* _Exercise_: Look through the records below for the line holding "#2076 = CIRCLE ( 'NONE', #247, 4.7 ) ;". Write it out exactly, with each following line through the line holding "#2906 = DIRECTION".

[[ Data records, beginning ]]

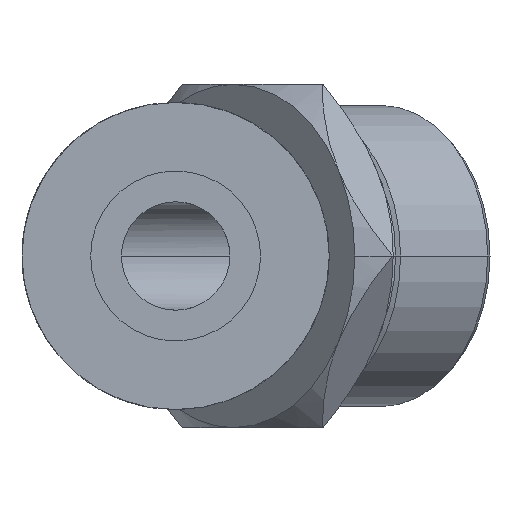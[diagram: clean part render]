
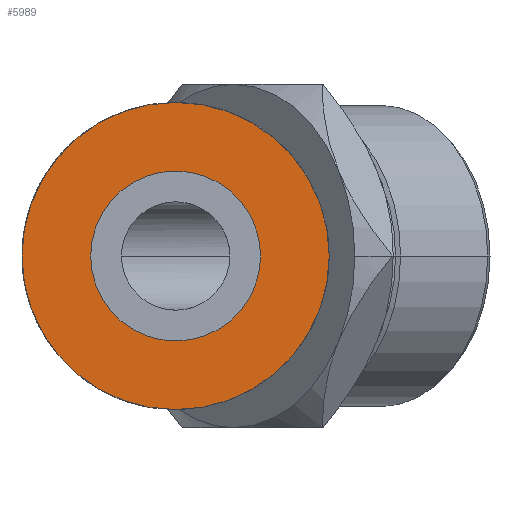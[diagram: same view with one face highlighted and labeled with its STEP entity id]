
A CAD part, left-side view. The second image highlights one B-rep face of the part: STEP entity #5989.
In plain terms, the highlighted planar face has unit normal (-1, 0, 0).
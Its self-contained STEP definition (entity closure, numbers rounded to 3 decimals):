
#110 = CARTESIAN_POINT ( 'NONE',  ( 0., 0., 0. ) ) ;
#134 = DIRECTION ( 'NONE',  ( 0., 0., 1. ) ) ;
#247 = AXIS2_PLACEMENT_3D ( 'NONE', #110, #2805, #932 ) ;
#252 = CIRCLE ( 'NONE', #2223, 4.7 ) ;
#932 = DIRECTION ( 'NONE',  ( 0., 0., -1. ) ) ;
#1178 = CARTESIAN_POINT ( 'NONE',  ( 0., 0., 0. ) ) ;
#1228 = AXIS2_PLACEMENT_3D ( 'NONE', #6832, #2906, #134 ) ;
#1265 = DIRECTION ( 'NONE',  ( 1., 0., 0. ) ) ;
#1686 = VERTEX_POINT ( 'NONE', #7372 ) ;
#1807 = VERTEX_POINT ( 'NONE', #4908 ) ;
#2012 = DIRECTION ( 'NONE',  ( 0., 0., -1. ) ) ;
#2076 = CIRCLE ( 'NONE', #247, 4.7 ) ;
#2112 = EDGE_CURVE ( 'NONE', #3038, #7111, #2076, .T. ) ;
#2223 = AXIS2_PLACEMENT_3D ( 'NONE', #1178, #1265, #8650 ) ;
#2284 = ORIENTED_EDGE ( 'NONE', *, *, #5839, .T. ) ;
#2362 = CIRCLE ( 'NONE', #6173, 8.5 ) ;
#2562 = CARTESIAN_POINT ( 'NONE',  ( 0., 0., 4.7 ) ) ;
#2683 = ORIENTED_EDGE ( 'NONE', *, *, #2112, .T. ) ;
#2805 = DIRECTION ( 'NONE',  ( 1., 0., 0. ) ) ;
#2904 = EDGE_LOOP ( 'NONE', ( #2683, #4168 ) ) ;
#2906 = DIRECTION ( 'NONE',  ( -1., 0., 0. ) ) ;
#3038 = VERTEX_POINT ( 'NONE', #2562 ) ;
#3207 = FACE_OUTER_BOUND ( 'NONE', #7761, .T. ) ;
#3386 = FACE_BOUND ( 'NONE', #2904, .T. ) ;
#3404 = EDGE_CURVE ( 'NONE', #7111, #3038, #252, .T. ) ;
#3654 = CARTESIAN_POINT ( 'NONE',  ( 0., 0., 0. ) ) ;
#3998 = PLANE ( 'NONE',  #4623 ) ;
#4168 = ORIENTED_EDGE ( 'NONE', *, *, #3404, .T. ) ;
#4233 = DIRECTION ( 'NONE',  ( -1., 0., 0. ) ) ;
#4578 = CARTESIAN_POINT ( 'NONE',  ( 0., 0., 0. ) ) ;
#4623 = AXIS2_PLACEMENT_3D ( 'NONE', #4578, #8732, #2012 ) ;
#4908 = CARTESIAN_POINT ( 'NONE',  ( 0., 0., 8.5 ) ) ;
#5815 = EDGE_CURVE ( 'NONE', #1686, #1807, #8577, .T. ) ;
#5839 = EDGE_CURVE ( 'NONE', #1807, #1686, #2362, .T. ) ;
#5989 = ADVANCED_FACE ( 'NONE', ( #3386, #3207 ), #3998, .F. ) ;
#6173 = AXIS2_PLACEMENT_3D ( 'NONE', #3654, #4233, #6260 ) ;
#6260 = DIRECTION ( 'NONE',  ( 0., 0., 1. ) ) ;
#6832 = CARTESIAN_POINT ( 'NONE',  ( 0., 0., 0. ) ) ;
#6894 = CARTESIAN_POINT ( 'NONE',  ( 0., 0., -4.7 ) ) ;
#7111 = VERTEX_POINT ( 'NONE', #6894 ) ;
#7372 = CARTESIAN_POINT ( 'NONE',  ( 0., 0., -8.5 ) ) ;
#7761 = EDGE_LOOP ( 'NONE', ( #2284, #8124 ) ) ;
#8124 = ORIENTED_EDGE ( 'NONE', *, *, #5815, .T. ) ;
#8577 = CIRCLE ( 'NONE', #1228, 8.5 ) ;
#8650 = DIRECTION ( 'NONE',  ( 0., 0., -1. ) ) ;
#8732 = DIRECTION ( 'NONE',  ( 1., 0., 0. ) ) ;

[[ Data records, end ]]
[[ Data records, beginning ]]

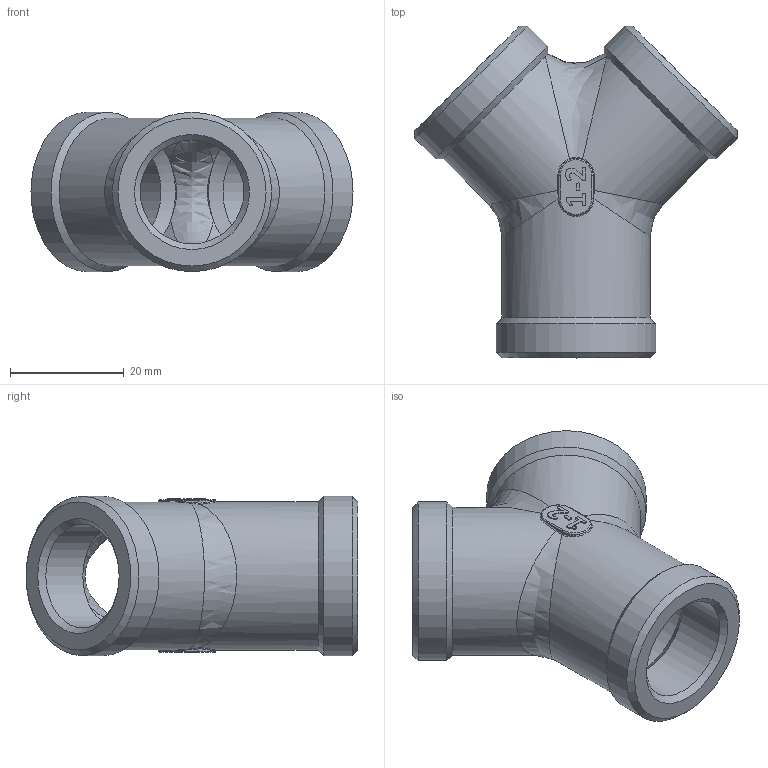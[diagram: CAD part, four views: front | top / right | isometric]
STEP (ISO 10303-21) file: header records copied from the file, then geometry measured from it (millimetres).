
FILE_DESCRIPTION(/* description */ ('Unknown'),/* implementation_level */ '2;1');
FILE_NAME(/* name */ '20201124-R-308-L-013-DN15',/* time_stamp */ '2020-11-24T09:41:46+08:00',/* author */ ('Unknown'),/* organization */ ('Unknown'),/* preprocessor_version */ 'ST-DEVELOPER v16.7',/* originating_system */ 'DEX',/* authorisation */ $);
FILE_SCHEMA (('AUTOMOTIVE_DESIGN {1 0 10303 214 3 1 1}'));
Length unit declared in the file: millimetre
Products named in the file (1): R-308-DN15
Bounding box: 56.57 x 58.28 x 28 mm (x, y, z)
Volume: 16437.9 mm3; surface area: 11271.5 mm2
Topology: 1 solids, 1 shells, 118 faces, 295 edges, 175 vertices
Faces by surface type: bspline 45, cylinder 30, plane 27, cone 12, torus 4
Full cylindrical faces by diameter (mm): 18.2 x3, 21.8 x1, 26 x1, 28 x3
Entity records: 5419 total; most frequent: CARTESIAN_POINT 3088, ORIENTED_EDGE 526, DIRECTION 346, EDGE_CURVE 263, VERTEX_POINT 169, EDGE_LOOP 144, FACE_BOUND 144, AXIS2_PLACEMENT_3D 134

[[ Data records, end ]]

* _Completed task_:
#2076 = CIRCLE ( 'NONE', #247, 4.7 ) ;
#2112 = EDGE_CURVE ( 'NONE', #3038, #7111, #2076, .T. ) ;
#2223 = AXIS2_PLACEMENT_3D ( 'NONE', #1178, #1265, #8650 ) ;
#2284 = ORIENTED_EDGE ( 'NONE', *, *, #5839, .T. ) ;
#2362 = CIRCLE ( 'NONE', #6173, 8.5 ) ;
#2562 = CARTESIAN_POINT ( 'NONE',  ( 0., 0., 4.7 ) ) ;
#2683 = ORIENTED_EDGE ( 'NONE', *, *, #2112, .T. ) ;
#2805 = DIRECTION ( 'NONE',  ( 1., 0., 0. ) ) ;
#2904 = EDGE_LOOP ( 'NONE', ( #2683, #4168 ) ) ;
#2906 = DIRECTION ( 'NONE',  ( -1., 0., 0. ) ) ;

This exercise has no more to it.